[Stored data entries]
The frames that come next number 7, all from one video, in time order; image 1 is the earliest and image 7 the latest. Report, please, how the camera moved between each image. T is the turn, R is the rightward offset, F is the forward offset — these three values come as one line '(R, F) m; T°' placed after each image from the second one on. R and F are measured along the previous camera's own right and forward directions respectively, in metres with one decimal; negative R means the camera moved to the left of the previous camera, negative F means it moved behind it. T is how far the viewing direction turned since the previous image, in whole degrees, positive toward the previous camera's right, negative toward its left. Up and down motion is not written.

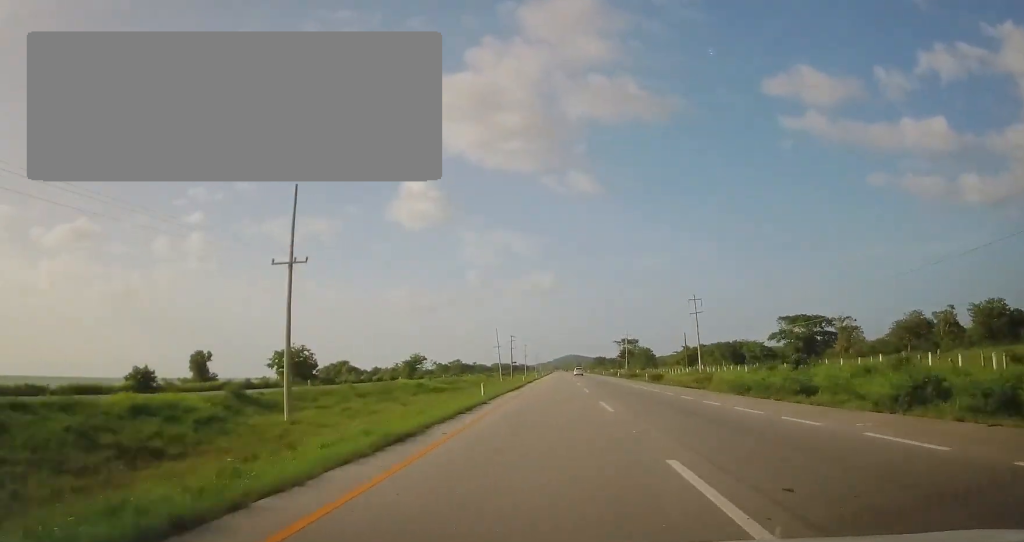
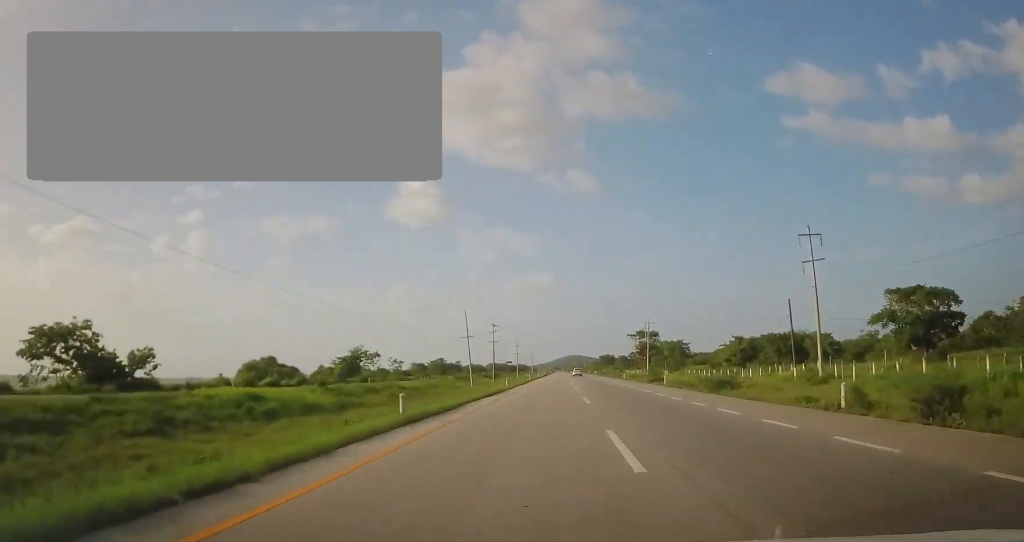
(-0.4, +42.0) m; 0°
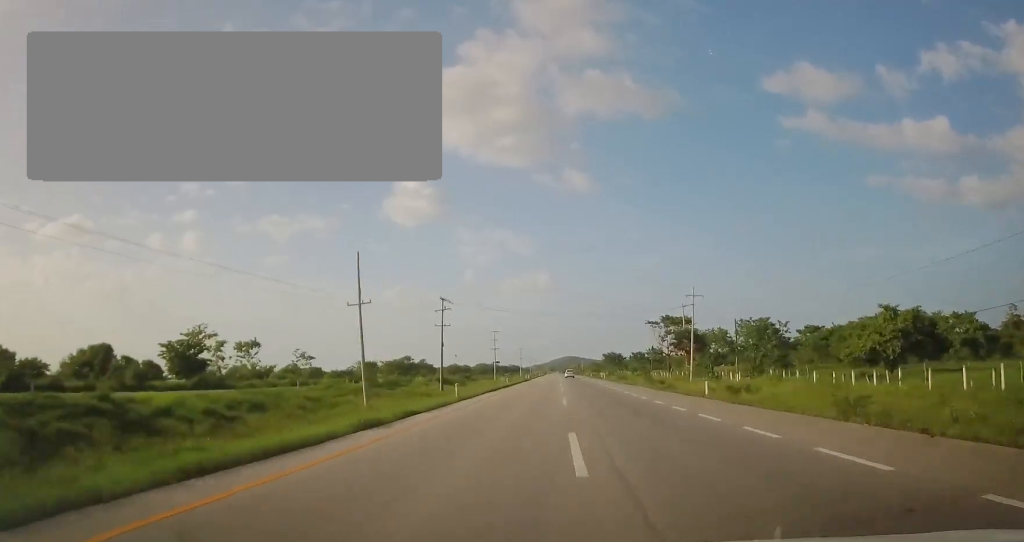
(+0.6, +47.2) m; +1°
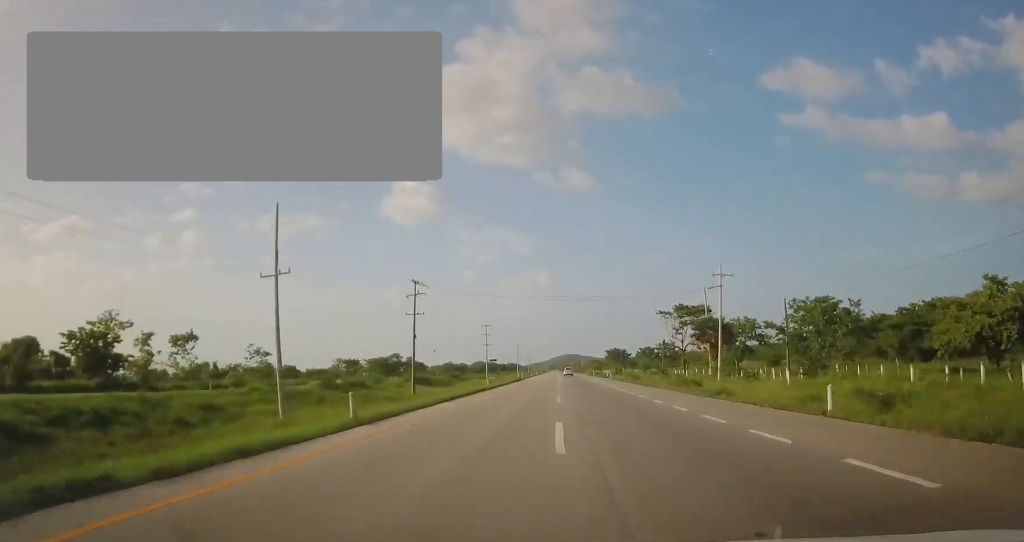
(0.0, +14.0) m; 0°
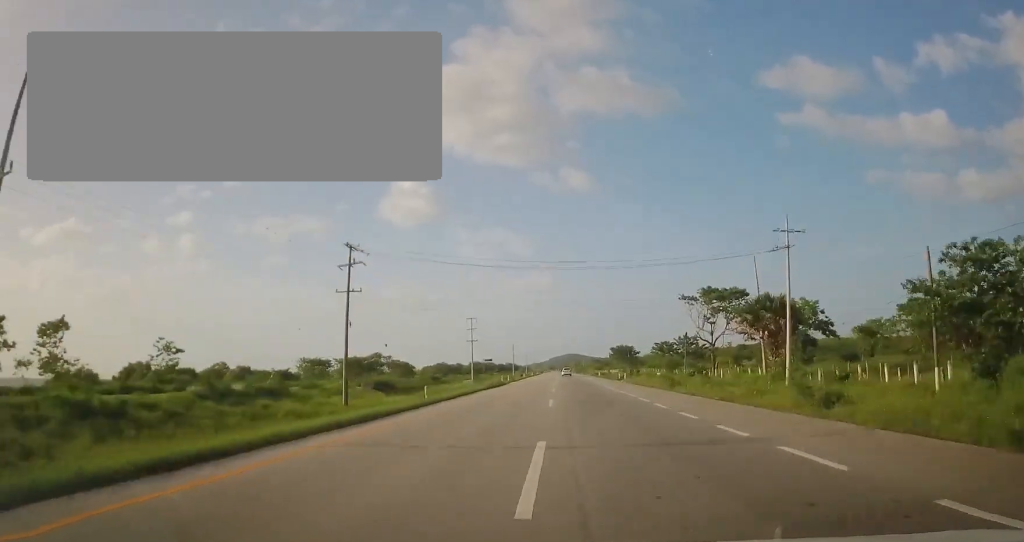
(-0.1, +19.5) m; 0°
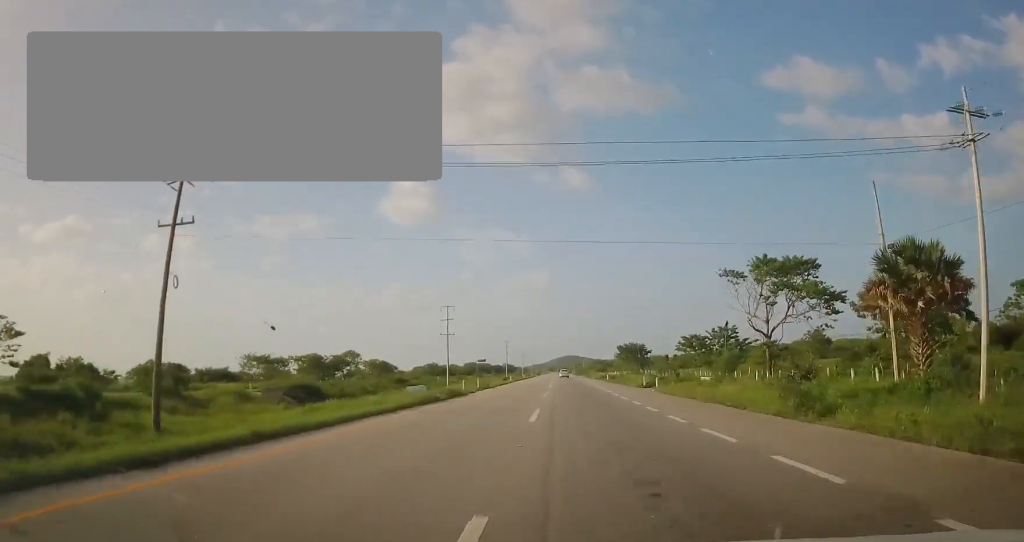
(+0.1, +21.5) m; 0°
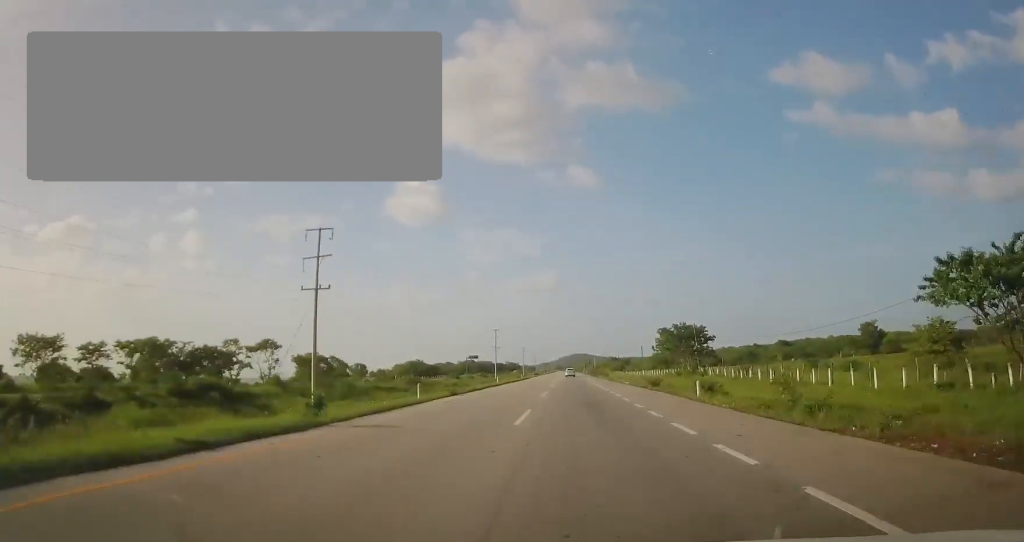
(-0.5, +48.6) m; -1°

Exercise goal ->
An exact reproduction of all the records is required, with no pictures included.

Your solution ->
The frames that come next number 7, all from one video, in time order; image 1 is the earliest and image 7 the latest. Report, please, how the camera moved between each image. T is the turn, R is the rightward offset, F is the forward offset — these three values come as one line '(R, F) m; T°' placed after each image from the second one on. R and F are measured along the previous camera's own right and forward directions respectively, in metres with one decimal; negative R means the camera moved to the left of the previous camera, negative F means it moved behind it. T is how far the viewing direction turned since the previous image, in whole degrees, positive toward the previous camera's right, negative toward its left. Up and down motion is not written.

(-0.4, +42.0) m; 0°
(+0.6, +47.2) m; +1°
(0.0, +14.0) m; 0°
(-0.1, +19.5) m; 0°
(+0.1, +21.5) m; 0°
(-0.5, +48.6) m; -1°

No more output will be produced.